Amidst ongoing controversy surrounding the federal health care laws, Florida has opted to take its own approach on a mandated insurance marketplace. The law requires that all states have a working health insurance exchange in place by 2014. The exchanges are meant to be an online insurance marketplace where consumers can find affordable policies. Florida stood in opposition for the federal health care law since it was passed in 2010, and state legislators have expressed their discontent for the exchange initiative in the past. Now, the state is attempting to build a program that will be independent from the federal law.
Florida’s insurance marketplace is being built to cater to small businesses more than individuals and families. The reason for this is to encourage employers to continue offering health care benefits despite the rising cost of such policies. The program will be comprised of both public and private insurance companies that will receive support from the state Legislature. Florida is only the third state to build an independent insurance marketplace.

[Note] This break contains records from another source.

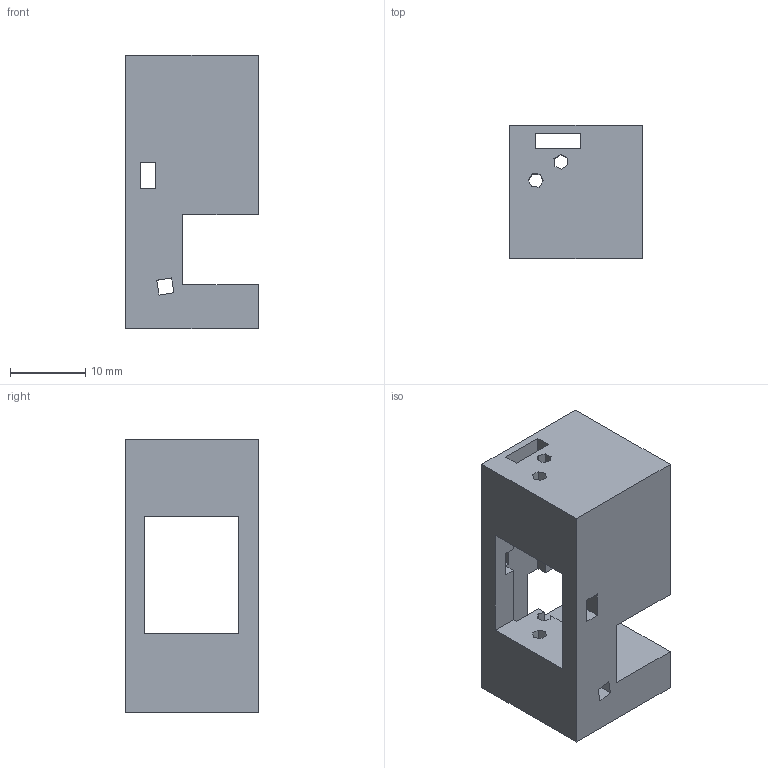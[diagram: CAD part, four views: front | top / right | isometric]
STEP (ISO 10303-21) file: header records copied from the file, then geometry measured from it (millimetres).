
FILE_DESCRIPTION(('Open CASCADE Model'),'2;1');
FILE_NAME('Open CASCADE Shape Model','2021-05-03T16:31:09',('Author'),( 'Open CASCADE'),'Open CASCADE STEP processor 7.4','Open CASCADE 7.4' ,'Unknown');
FILE_SCHEMA(('AUTOMOTIVE_DESIGN { 1 0 10303 214 1 1 1 1 }'));
Length unit declared in the file: millimetre
Products named in the file (1): Open CASCADE STEP translator 7.4 348
Bounding box: 17.64 x 17.73 x 36.35 mm (x, y, z)
Volume: 6301.1 mm3; surface area: 4251 mm2
Topology: 1 solids, 1 shells, 68 faces, 225 edges, 150 vertices
Faces by surface type: plane 68
Entity records: 5204 total; most frequent: CARTESIAN_POINT 1086, DIRECTION 621, LINE 483, VECTOR 483, ORIENTED_EDGE 450, PCURVE 450, DEFINITIONAL_REPRESENTATION 450, EDGE_CURVE 225

Florida’s program will only be open to small employers, which is likely to run afoul of new federal regulations that are putting more emphasis on consumer satisfaction. Furthermore, state insurance regulators will be imposing a number of fines on policies sold through the independent exchange as a way of ensuring its financial longevity. These fines will add to the overall price of insurance, making policies written in the state more expensive than those written elsewhere.
The federal government is not likely to accommodate Florida’s exchange program in lieu of their own and the state is still tasked with building a program that aligns with the governments regulations.